Not everyone is hopping onboard the bizarre baby-name bandwagon, of course. At Every Day Athlete Studio in Carroll Gardens the other day, a passel of parents was balancing their little ones’ bare feet for Bungee Baby, a variation on the area’s ubiquitous mommy-baby yoga classes. “I didn’t want one of those odd names,” said Sarah Segal, a television reporter turned stay-at-home mom. Ms. Segal and her husband, an associate creative director, opted for the classic Isabel. “It went well with her last name,” Ms. Segal said. “It was a visual-design thing.”
“A lot of parents are unique with the spelling of their kids’ names, like Madison spelled with a ‘y,’” said Lauren McBride, a master’s candidate and mother of 4-month-old Alexander, with some disgust. “When you hear a name like that, you feel bad for the kid.”

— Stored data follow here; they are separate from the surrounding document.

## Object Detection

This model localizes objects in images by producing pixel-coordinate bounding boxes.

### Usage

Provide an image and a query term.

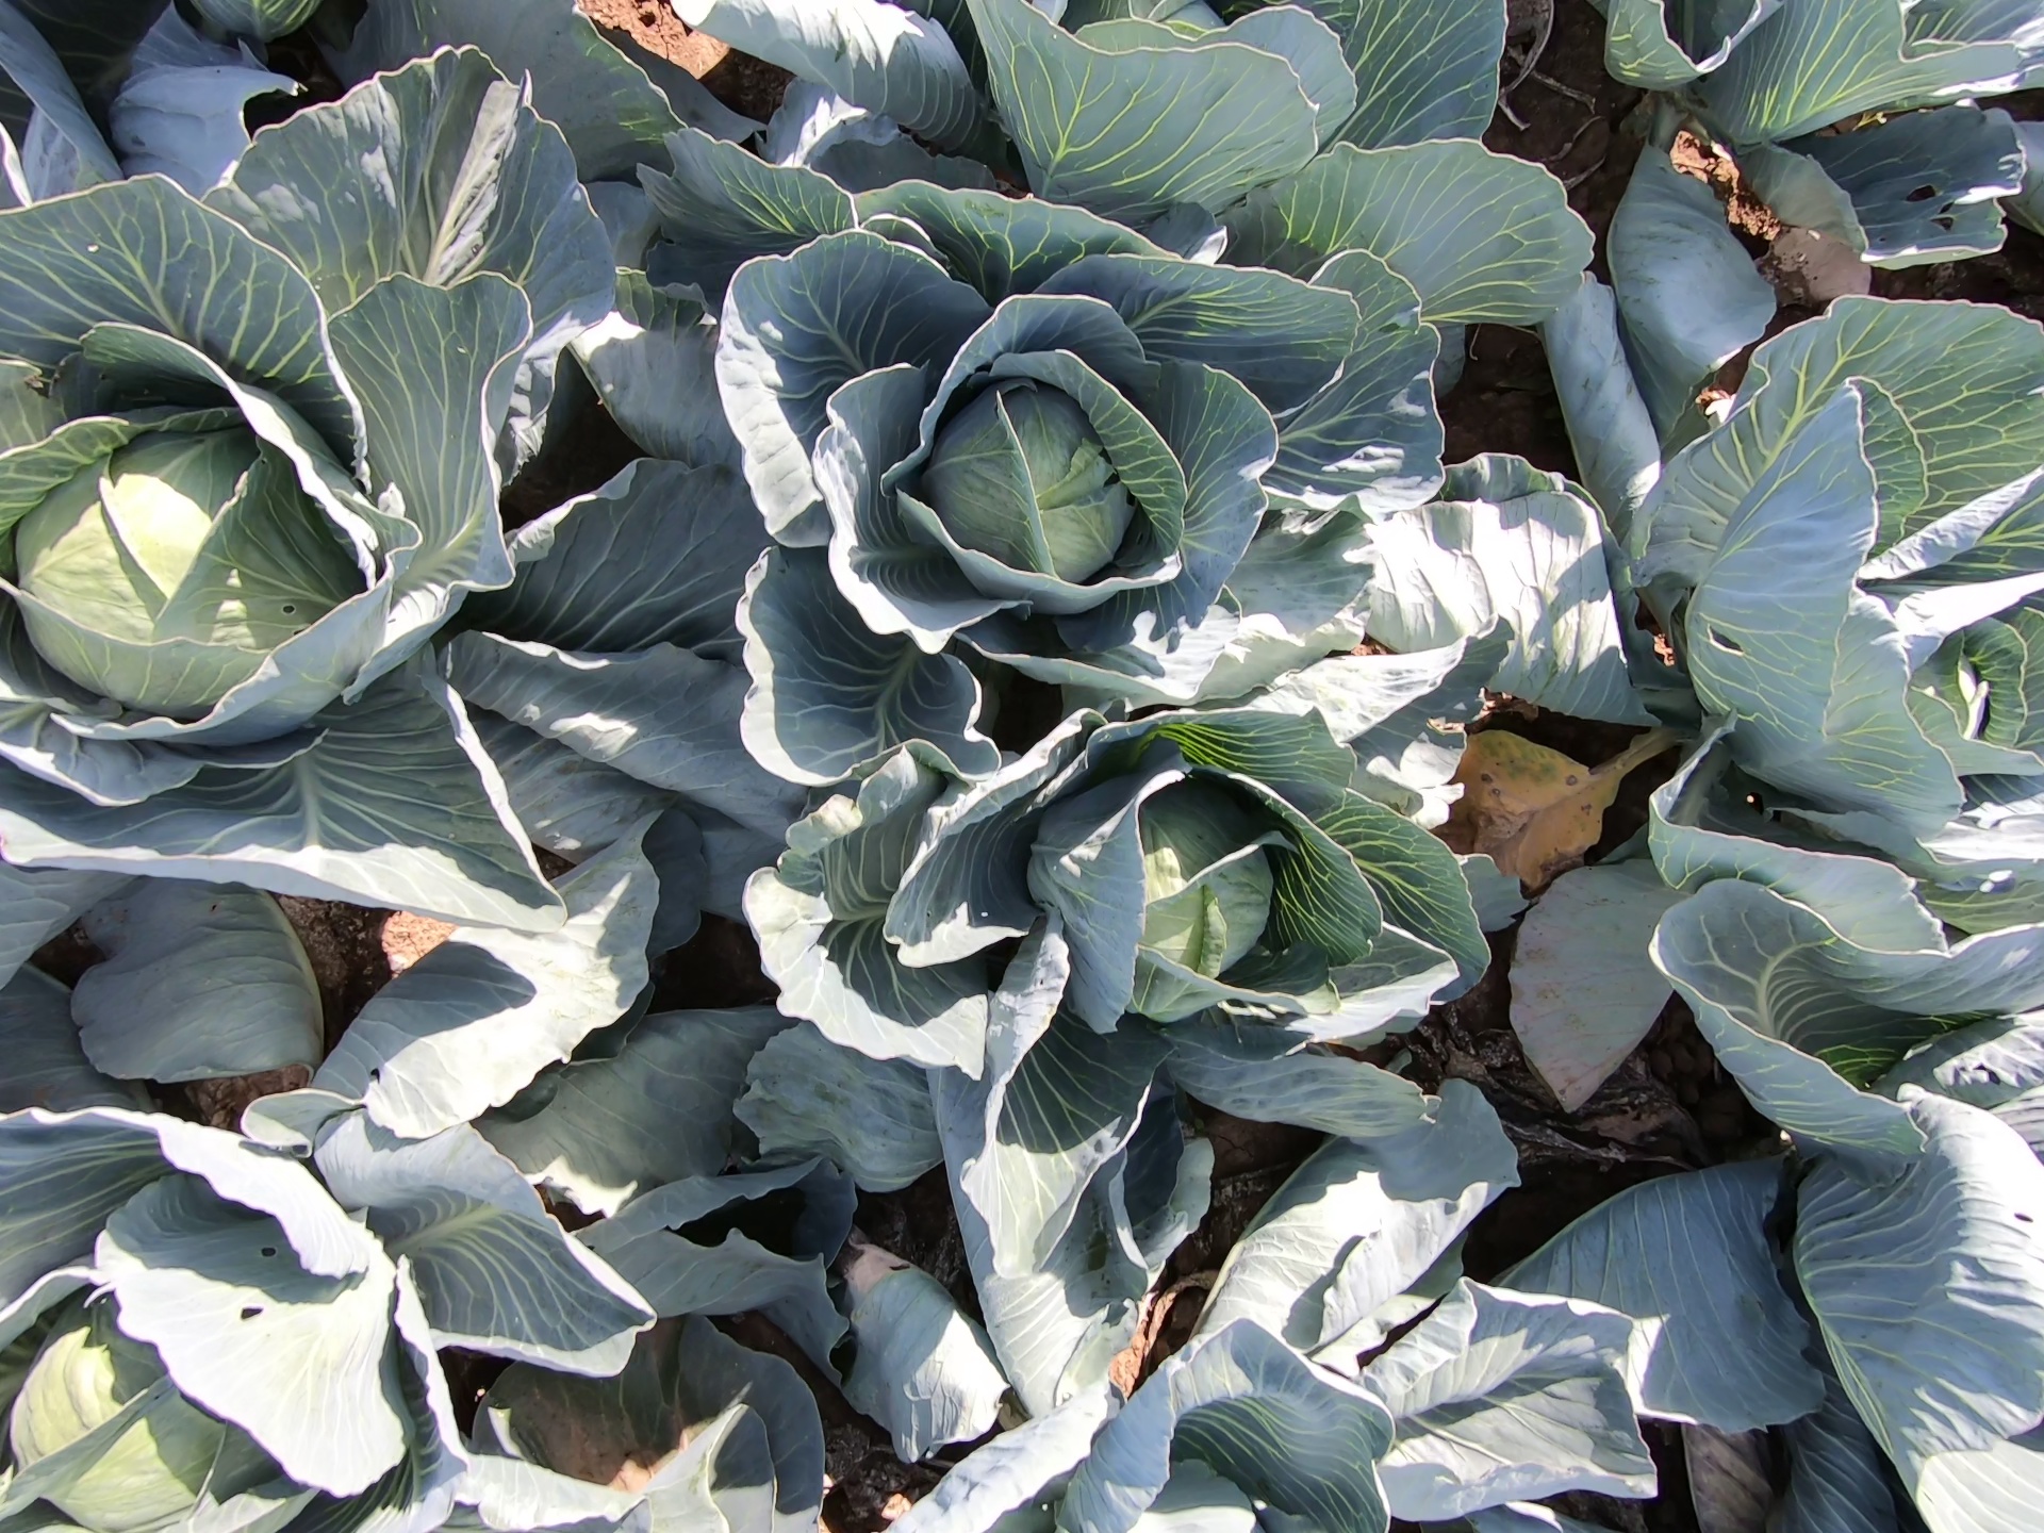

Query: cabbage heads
[1804,621,1983,778]
[1064,782,1275,991]
[11,422,329,710]
[11,1265,327,1528]
[935,383,1142,589]
[1091,3,1240,154]

And speaking on the phone later, Pilar Guzman, the editor in chief of Cookie magazine, Condé Nast’s tot-oriented shopping magazine, recalled with a twinge of pain the difficulty her childhood contemporaries had in pronouncing her seemingly simple name.
“Even though Pilar is a relatively easy two-syllable name, you can’t imagine how it was bastardized,” she said. “As a kid, instead of having the instinct to say your name more loudly when you hear it mispronounced or misunderstood, your instinct is to retreat into yourself, because it’s embarrassing. During those formative years, all you really want to be called is Jenny.”